Мы тихо дышали и молчали. Наконец Янка отдал линзу Юрке и прошептал:
— Значит, она галактика…
— Да ну… — с сомнением отозвался Юрка.
Мне стало обидно за искорку.
— Почему "да ну"?
— Такая маленькая…
Янка выпрямился. Сказал негромко, но звонко:
— Почему же маленькая?.. Ребята!.. Для космоса что значит маленький или большой? Космос-то всё равно бесконечный. Верно, Гелька?
Он впервые так обратился ко мне: за поддержкой. Не к Юрке, а ко мне. Я глянул на Юрку мельком, но с победой.
— Да, — сказал я. — Если в космосе бесконечная бесконечность, как с ней что-то сравнивать? Это просто глупо.
— Ну, конечно! — тут же взъелся Юрка.— Ты один у нас умный, в дедушку профессора.
— Юр… — сказал Янка.
— А чего… Я не сравнивал ничего с вашей дурацкой бесконечностью. Я сказал, что эта искорка крошечная, а галактики… сами знаете, какие.
— Мы же не все их знаем, — возразил я. — Знаем только громадные, которые в телескопы видны. А может, они всякие бывают. Может, вот таких ещё больше на свете.
— Это выходит, мы, как Господь Бог, создали целую галактику ? — насмешливо спросил Юрка. Он забрался на верхнюю полку и теперь сидел, качая ободранной ногой.
Глеб взял стекло, опять посмотрел на искорку.
— Едва ли мы её создали. Наверно, просто открыли для себя. Приблизили к себе. Из пространства…
— Как это? — спросил я.
— Вот уж не знаю, "как это", — улыбнулся Глеб. — Тут сплошное космическое колдовство.
— Мало нам нашей Галактики, — сумрачно сказал сверху Юрка. — Начали другие выуживать из космоса…
— Ребята… — Янка всех обвёл обеспокоенными глазами. — Я сейчас подумал… А может, она и есть н а ш а…
— Как это? — опять спросил я.
А Глеб возразил:
— Едва ли… Ты хочешь сказать, что получилась маленькая модель, образец?
"Нам нужен образец", — вдруг вспомнил я Клоуна и обжёгся резкой, болезненной тревогой.
— Ребята! Я хочу рассказать…
— Подожди, — поморщился Юрка. — Пусть Янка объяснит. Как это "наша"?

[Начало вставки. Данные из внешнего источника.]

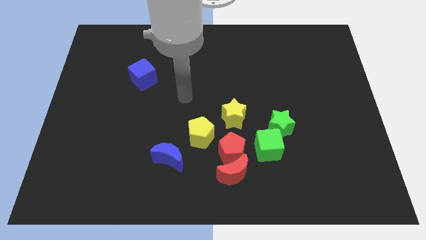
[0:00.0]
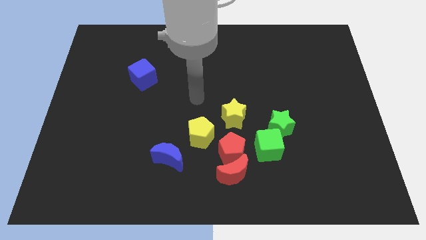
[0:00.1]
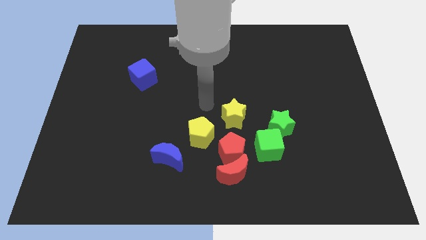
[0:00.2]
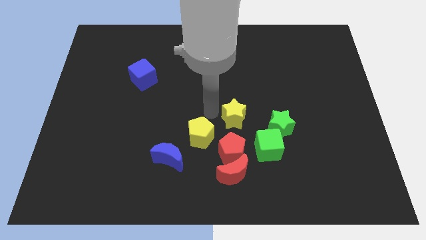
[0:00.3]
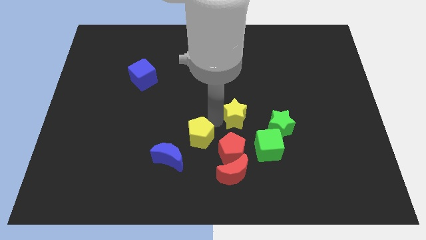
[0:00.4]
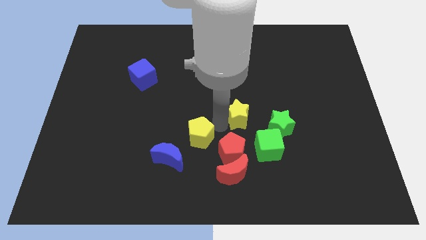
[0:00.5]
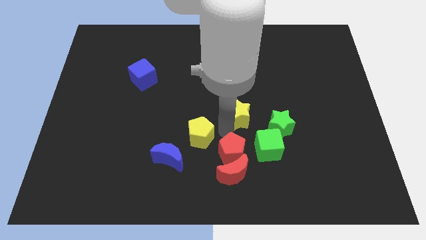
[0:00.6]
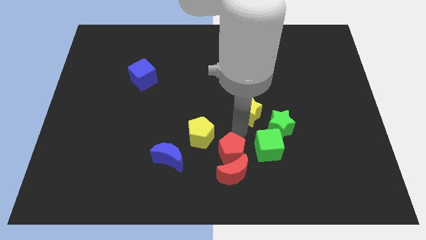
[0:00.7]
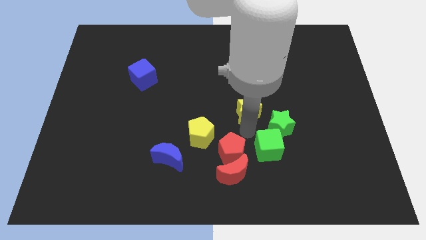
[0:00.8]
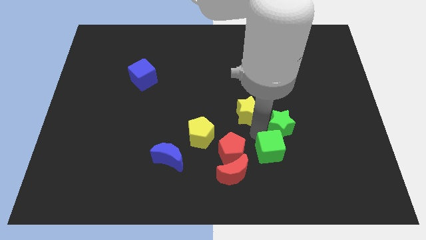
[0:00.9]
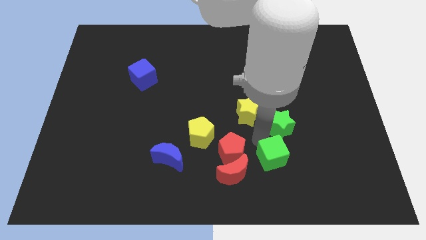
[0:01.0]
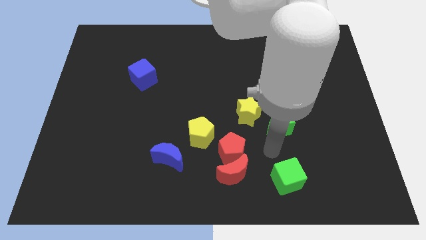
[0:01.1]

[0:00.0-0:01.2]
move the green star away from the green cube

— Не модель, — сказал Янка. — Просто наша Галактика. Та самая, в которой живём. Она вот, вокруг… — он оглядел вагон, словно был среди космоса. — И она вот. Одна и та же…

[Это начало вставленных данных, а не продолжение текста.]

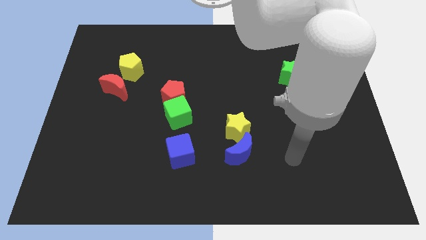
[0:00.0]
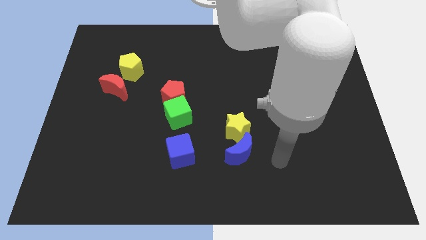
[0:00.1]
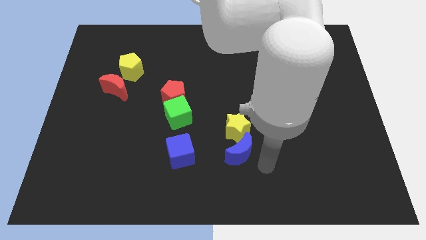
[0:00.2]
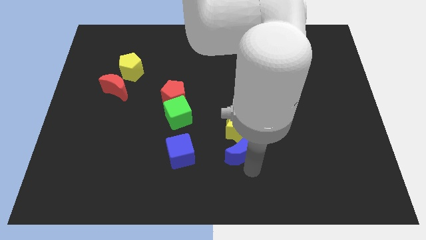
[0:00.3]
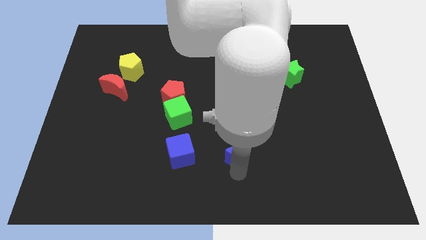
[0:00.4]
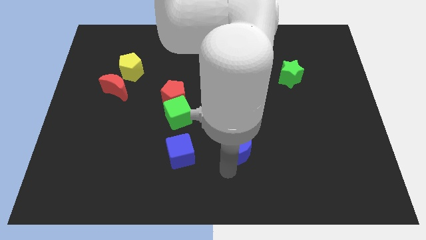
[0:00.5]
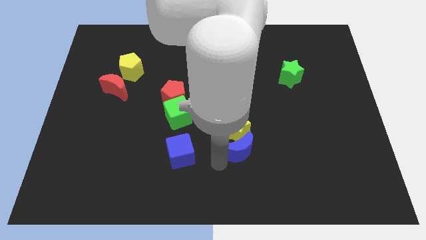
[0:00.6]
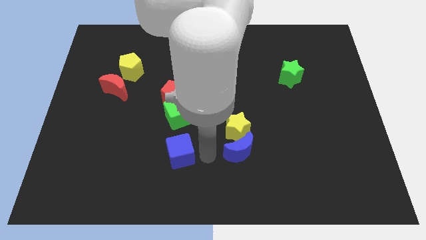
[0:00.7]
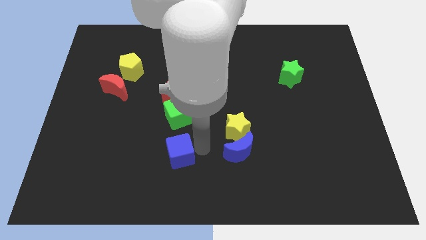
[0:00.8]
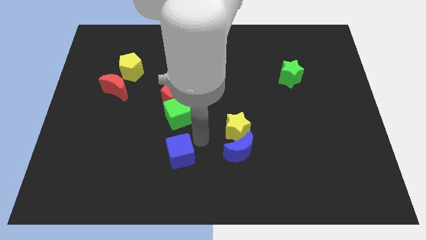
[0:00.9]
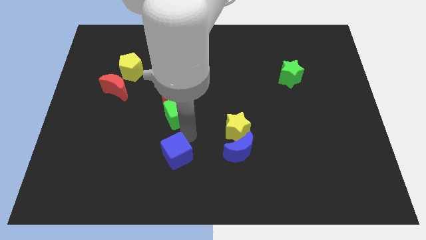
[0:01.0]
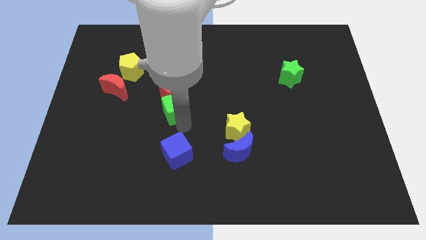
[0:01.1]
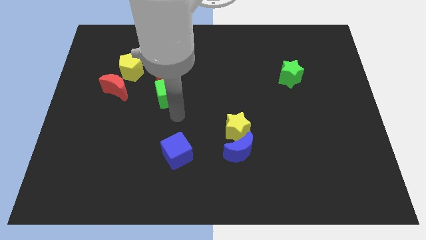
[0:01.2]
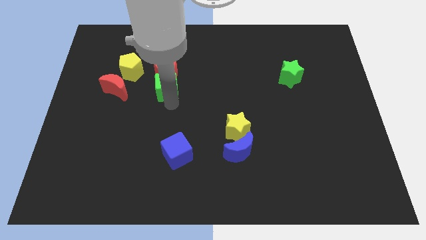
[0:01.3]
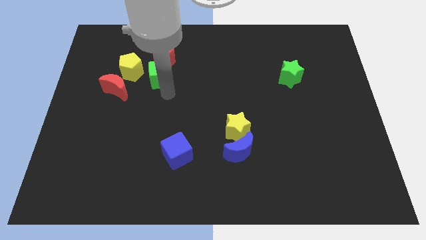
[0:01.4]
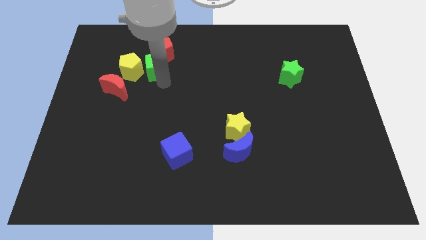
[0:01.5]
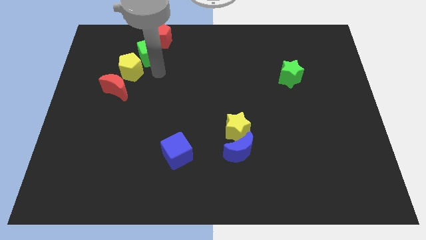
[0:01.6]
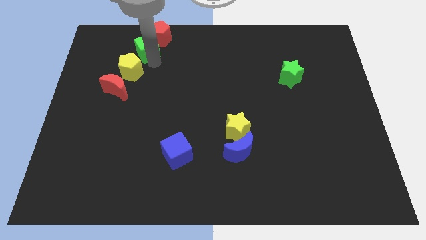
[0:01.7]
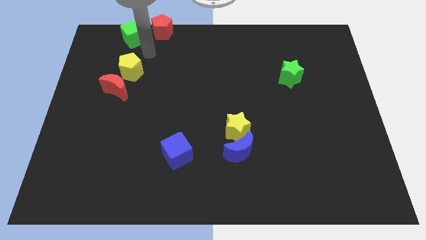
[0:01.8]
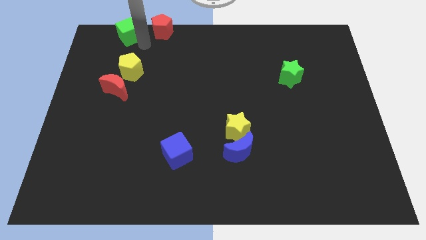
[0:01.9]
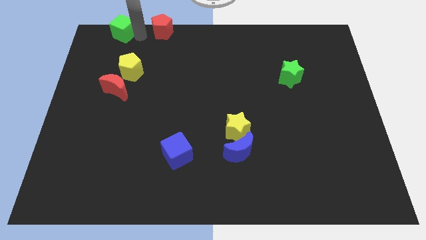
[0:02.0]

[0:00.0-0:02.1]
move the red pentagon away from the green cube

Юрка сердито качал ногой. Глеб нерешительно улыбался. Я… я начал догадываться, про что говорит Янка. Потому что про это куча всякой фантастики написана. "Легенда о синем шарике", "Солнышко в ладонях", "Звёзды под микроскопом"… Но не только фантастику я читал.
— В "Технике юных" тоже про это писали, — вспомнил я. — Некоторые учёные считают, будто бесконечно большое и бесконечно маленькое — это одно и то же. Что они где-то в бесконечности сливаются.
— В бесконечности ведь, а не в нашем драном "Курятнике"… — отозвался Юрка.
— Юрик, — сказал Глеб. — Ну, если нам хочется верить, что в наших руках н а ш а Галактика, разве тебе жалко?
Юрка прыгнул с нар. Прямо в лучи вечернего солнца, которое било из-за дальних тополей в раздвинутые двери вагона…
Теперь, когда я думаю про Юрку, я чаще всего вспоминаю его именно таким. Как он стоял тогда в горизонтальных оранжевых лучах. Весь какой-то натянутый, будто каждая жилка в нём звенела, как струны под Янкиным смычком. Он по-прежнему был в форме барабанщика, только без берета, конечно, и без накидки. Блестели галуны и аксельбанты. И глаза Юркины блестели, отражая оранжевое солнце.